When physicians indicate that a child's hearing has been “checked,” it usually means that the child's ear canal and tympanic membrane were examined using otoscopy and/or tympanometry or a behavioral observation was made of a child's response to sound (ie, bell-ringing or hand clapping). Although otoscopy and tympanometry are useful methods for identifying anatomical problems and middle ear disorders, such as otitis media, these methods cannot assess inner ear (cochlear) functioning. Informal behavioral observation of a child's response to sound, although intuitively attractive, is not a reliable method for assessing hearing loss in young children. This is due, in part, to the fact that children with significant hearing loss may have residual hearing that allows them to respond to certain sounds, while not necessarily allowing them to hear all speech sounds clearly. In addition, many naïve screeners, including physicians, unintentionally provide visual cues at the same time as auditory ones. Children may therefore appear to be responding to sound when in reality they are taking their cues from visual prompts. Conversely, children with perfectly normal hearing may not respond to particular sounds simply because they are attending to other stimuli in the environment. These inconsistent responses to auditory prompts also make it unlikely for a child's hearing loss to be identified through parent questionnaires. Finally, referring to a child's newborn hearing screening results, which may have been obtained some months or years previously, cannot be assumed to be an accurate reflection of the child's current hearing status.

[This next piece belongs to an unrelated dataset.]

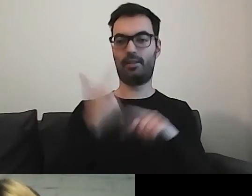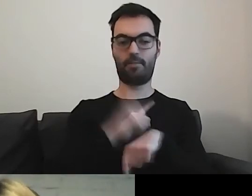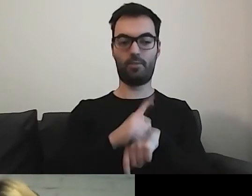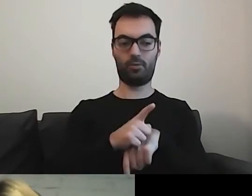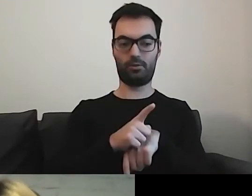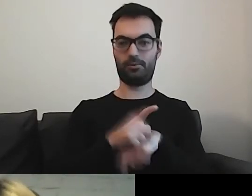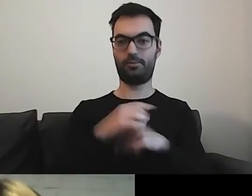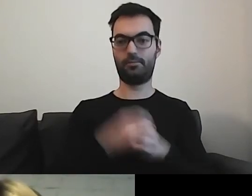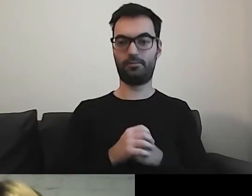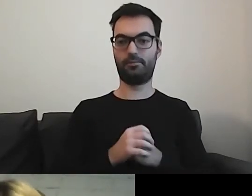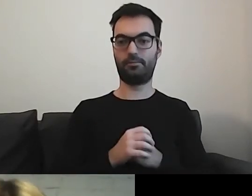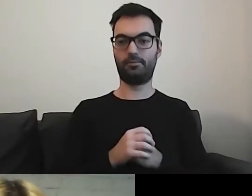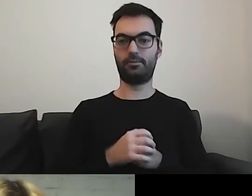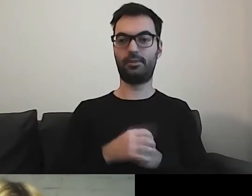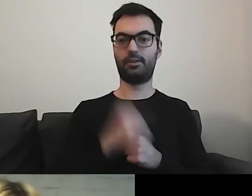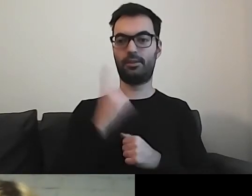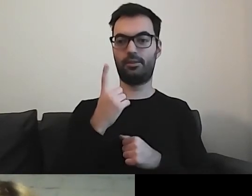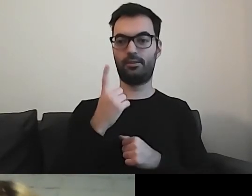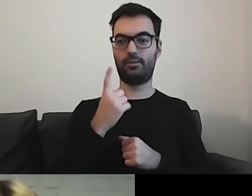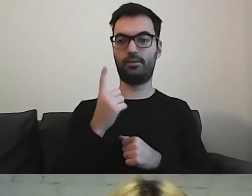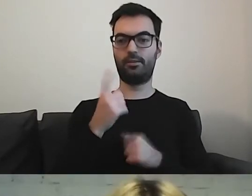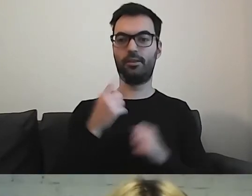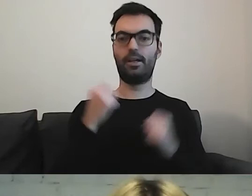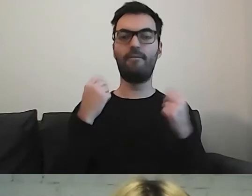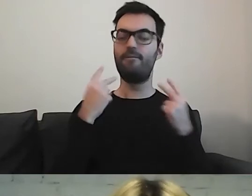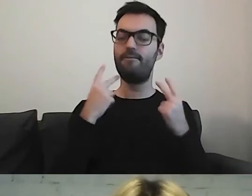Jedna tłusta, mięsista kwestia od Mikołaja.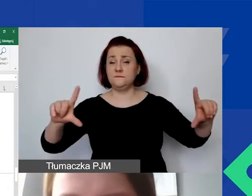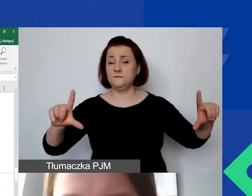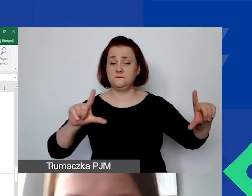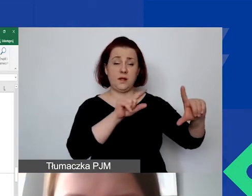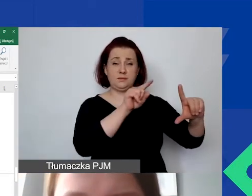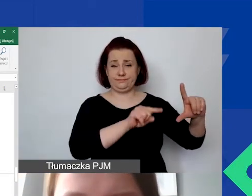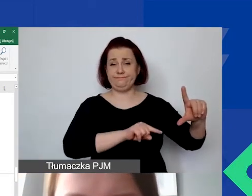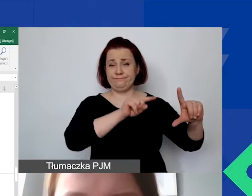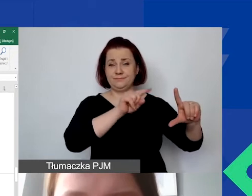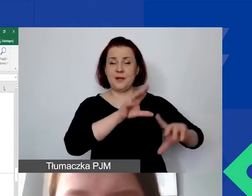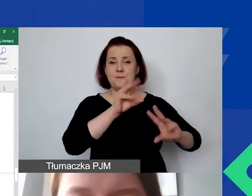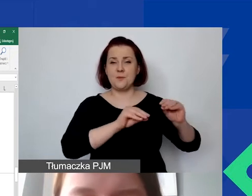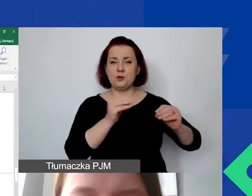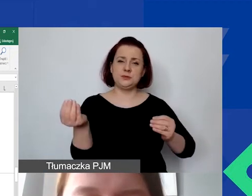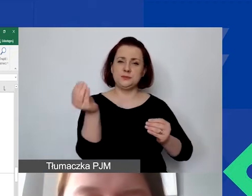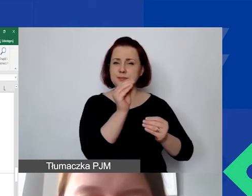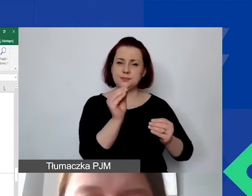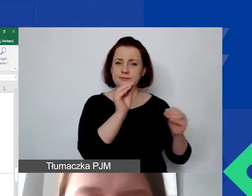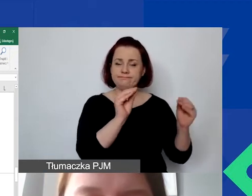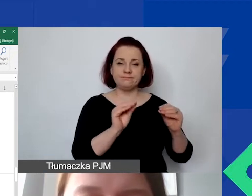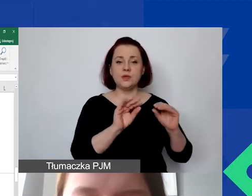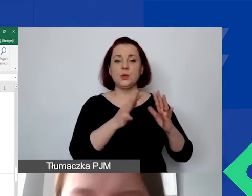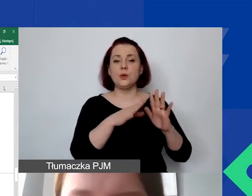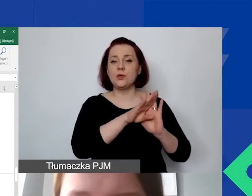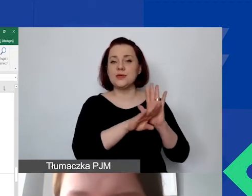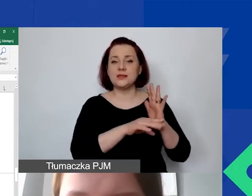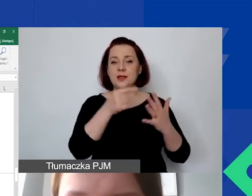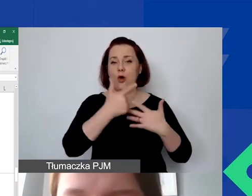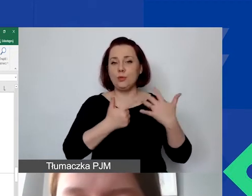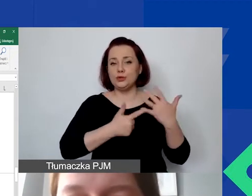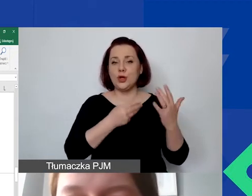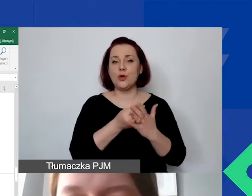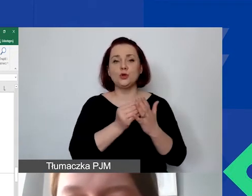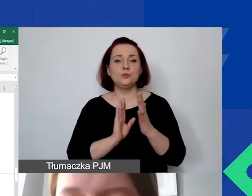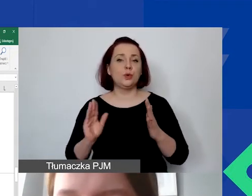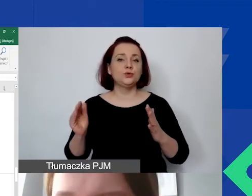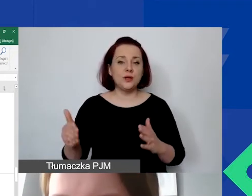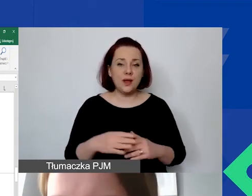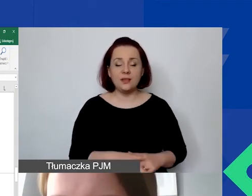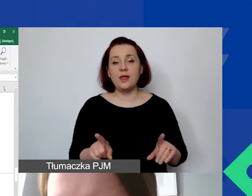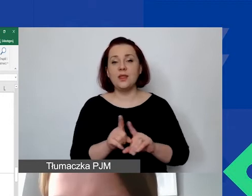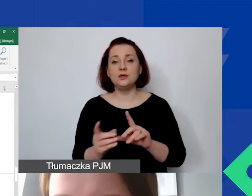żeby wpisać przyjętą zasadę kalkulacji kosztów pośrednich, wprowadzić stawkę ryczałtową.

Unfortunately, by the time a child manifests delays in language, cognition, and social skills that trigger a parent or professional to request a full hearing evaluation, the delays are often so severe that a child may never be able to make up for lost language-learning time. The close connection between hearing, language acquisition, literacy, and school readiness demands that as technology improves, so also should the quality of early childhood hearing screening.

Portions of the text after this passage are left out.